Conclusion: The use of polyclonal antibody preparations in beef and dairy cattle diets shows promising potential for improving rumen function, health outcomes, and growth performance, particularly during high-grain feeding. While the research on PAP applications in cattle is still limited, studies indicate that PAP can help mitigate ruminal acidosis, enhance nutrient utilization, and improve feed conversion efficiency by targeting key pathogens such as Streptococcus bovis and Fusobacterium necrophorum. In beef cattle, PAP has been associated with improved growth performance, increased dry matter intake, and enhanced feed efficiency, especially during the early stages of high-grain feeding. Furthermore, preliminary evidence suggests that PAP may positively influence carcass characteristics in some cases, although more research is needed in this area.

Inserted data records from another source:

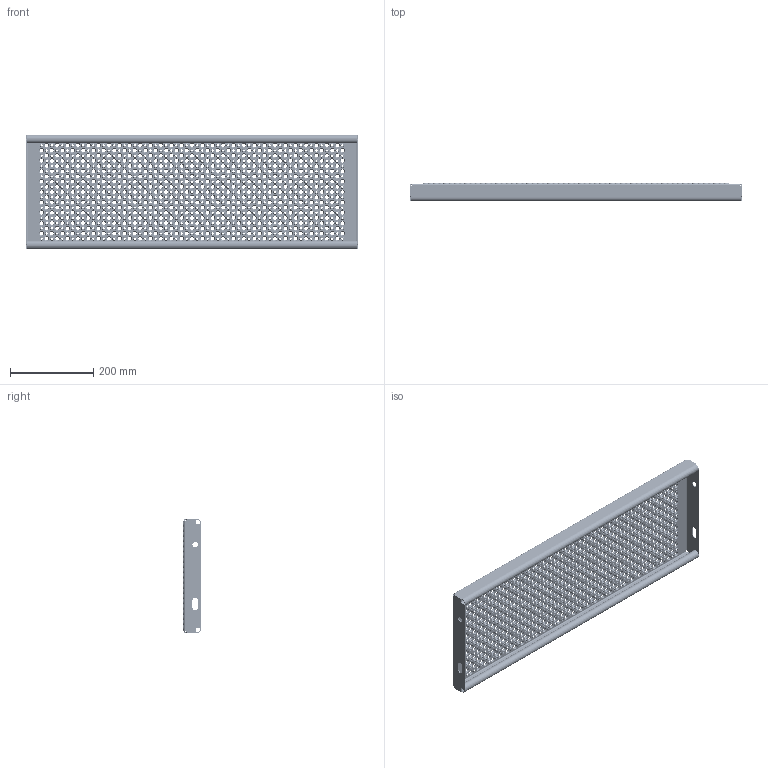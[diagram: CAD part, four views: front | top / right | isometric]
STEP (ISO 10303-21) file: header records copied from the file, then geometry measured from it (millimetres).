
FILE_DESCRIPTION (( 'STEP AP203' ), '1' );
FILE_NAME ('00000_ACHILTRIN_275x800x45_M_OPTRÆK.STEP', '2011-08-10T11:57:22', ( 'JKJ' ), ( '' ), 'SwSTEP 2.0', 'SolidWorks 2011', '' );
FILE_SCHEMA (( 'CONFIG_CONTROL_DESIGN' ));
Products named in the file (1): 00000_ACHILTRIN_275x800x45_M_OPTRÆK
Bounding box: 800 x 45 x 275 mm (x, y, z)
Volume: 729542.1 mm3; surface area: 771769.6 mm2
Topology: 1 solids, 1 shells, 8755 faces, 20024 edges, 12510 vertices
Faces by surface type: cone 4956, cylinder 2514, plane 1277, bspline 8
Entity records: 255713 total; most frequent: DIRECTION 49934, CARTESIAN_POINT 41882, ORIENTED_EDGE 40048, AXIS2_PLACEMENT_3D 21194, EDGE_CURVE 20024, VERTEX_POINT 12510, EDGE_LOOP 12480, CIRCLE 12446
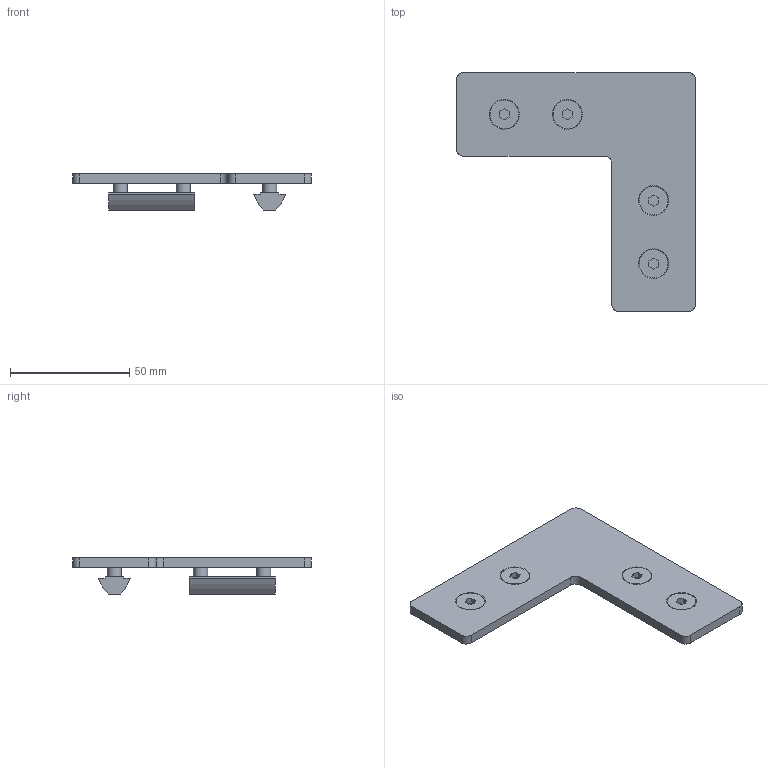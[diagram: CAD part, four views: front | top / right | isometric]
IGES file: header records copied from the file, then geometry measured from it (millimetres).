
Global section: file name: 500003; native system: Autodesk Inventor 2021; preprocessor: unknown; author: Mrówczyńska,,; organization: 11; date: 20220803.061626; units: millimetre
Bounding box: 100 x 100 x 15.2 mm (x, y, z)
Volume: 28166.2 mm3; surface area: 16541.7 mm2
Topology: 1 solids, 1 shells, 98 faces, 236 edges, 156 vertices
Faces by surface type: bspline 98
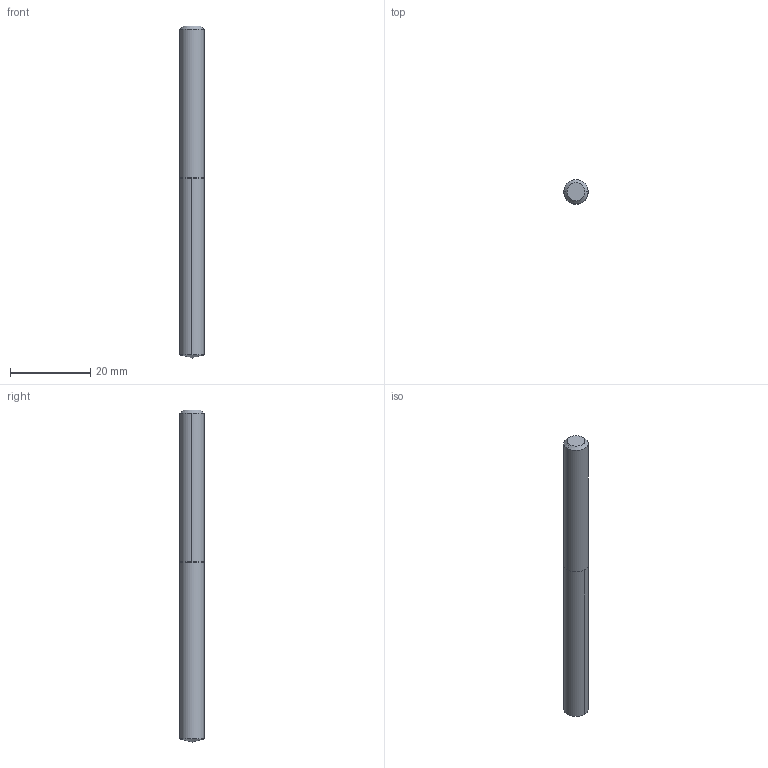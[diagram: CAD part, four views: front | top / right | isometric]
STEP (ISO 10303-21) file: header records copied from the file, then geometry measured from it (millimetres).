
FILE_DESCRIPTION (( 'STEP AP203' ), '1' );
FILE_NAME ('53202.STEP', '2024-04-22T19:20:55', ( '' ), ( '' ), 'SwSTEP 2.0', 'SolidWorks 2023', '' );
FILE_SCHEMA (( 'CONFIG_CONTROL_DESIGN' ));
Length unit declared in the file: inch
Products named in the file (1): 53202
Bounding box: 6.05 x 6.05 x 82.55 mm (x, y, z)
Volume: 2348.4 mm3; surface area: 1658.4 mm2
Topology: 2 solids, 2 shells, 13 faces, 24 edges, 13 vertices
Faces by surface type: cone 6, cylinder 4, plane 3
Entity records: 385 total; most frequent: DIRECTION 62, CARTESIAN_POINT 49, ORIENTED_EDGE 44, AXIS2_PLACEMENT_3D 26, EDGE_CURVE 22, VERTEX_POINT 13, FACE_OUTER_BOUND 13, EDGE_LOOP 13

In dairy cattle, PAP’s effectiveness in improving rumen health and metabolic responses remains variable, with studies showing mixed results on nutrient digestibility. Despite these inconsistencies, some studies report beneficial effects, such as improved ruminal pH and potential increases in milk production. Additionally, in vitro studies highlight the promising application of PAP in selectively inhibiting specific ruminal bacteria, offering new possibilities for optimizing ruminal microbial populations.

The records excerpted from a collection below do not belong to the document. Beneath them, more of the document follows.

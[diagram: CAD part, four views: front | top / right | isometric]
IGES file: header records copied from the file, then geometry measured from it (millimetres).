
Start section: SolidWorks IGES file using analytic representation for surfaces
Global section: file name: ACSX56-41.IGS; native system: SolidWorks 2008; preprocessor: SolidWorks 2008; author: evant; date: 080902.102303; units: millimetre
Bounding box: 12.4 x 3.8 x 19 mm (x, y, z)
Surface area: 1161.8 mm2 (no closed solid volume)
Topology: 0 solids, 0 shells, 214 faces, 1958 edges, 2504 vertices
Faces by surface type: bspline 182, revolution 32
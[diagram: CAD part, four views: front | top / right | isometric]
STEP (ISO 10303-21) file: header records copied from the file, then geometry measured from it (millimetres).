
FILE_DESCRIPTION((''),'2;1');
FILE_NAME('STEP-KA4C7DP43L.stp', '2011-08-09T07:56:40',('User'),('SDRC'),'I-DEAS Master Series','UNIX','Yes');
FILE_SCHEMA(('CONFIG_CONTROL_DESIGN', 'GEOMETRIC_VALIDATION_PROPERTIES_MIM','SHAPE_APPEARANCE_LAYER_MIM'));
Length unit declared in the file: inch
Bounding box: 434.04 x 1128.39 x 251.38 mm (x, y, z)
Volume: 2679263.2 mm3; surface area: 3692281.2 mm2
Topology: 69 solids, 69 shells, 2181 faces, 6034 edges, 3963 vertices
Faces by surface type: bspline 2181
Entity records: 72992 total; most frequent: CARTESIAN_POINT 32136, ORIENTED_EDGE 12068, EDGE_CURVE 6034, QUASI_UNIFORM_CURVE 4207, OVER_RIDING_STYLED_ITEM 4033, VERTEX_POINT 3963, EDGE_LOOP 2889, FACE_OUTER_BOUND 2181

While the potential of PAP as a feed additive in livestock diets is evident, further research is necessary to refine its application, optimize dosages, test different preparations, and better understand its broader effects on rumen and cattle health and performance. Furthermore, additional exploration is needed into various scenarios, including research on the potential of PAP for methane mitigation, reduction of systemic inflammation, and its effects during the backgrounding phase. Lastly, studies investigating PAP derived to target key pathogens should examine potential bacterial hierarchy and functionality cross-over when specific abundances are reduced.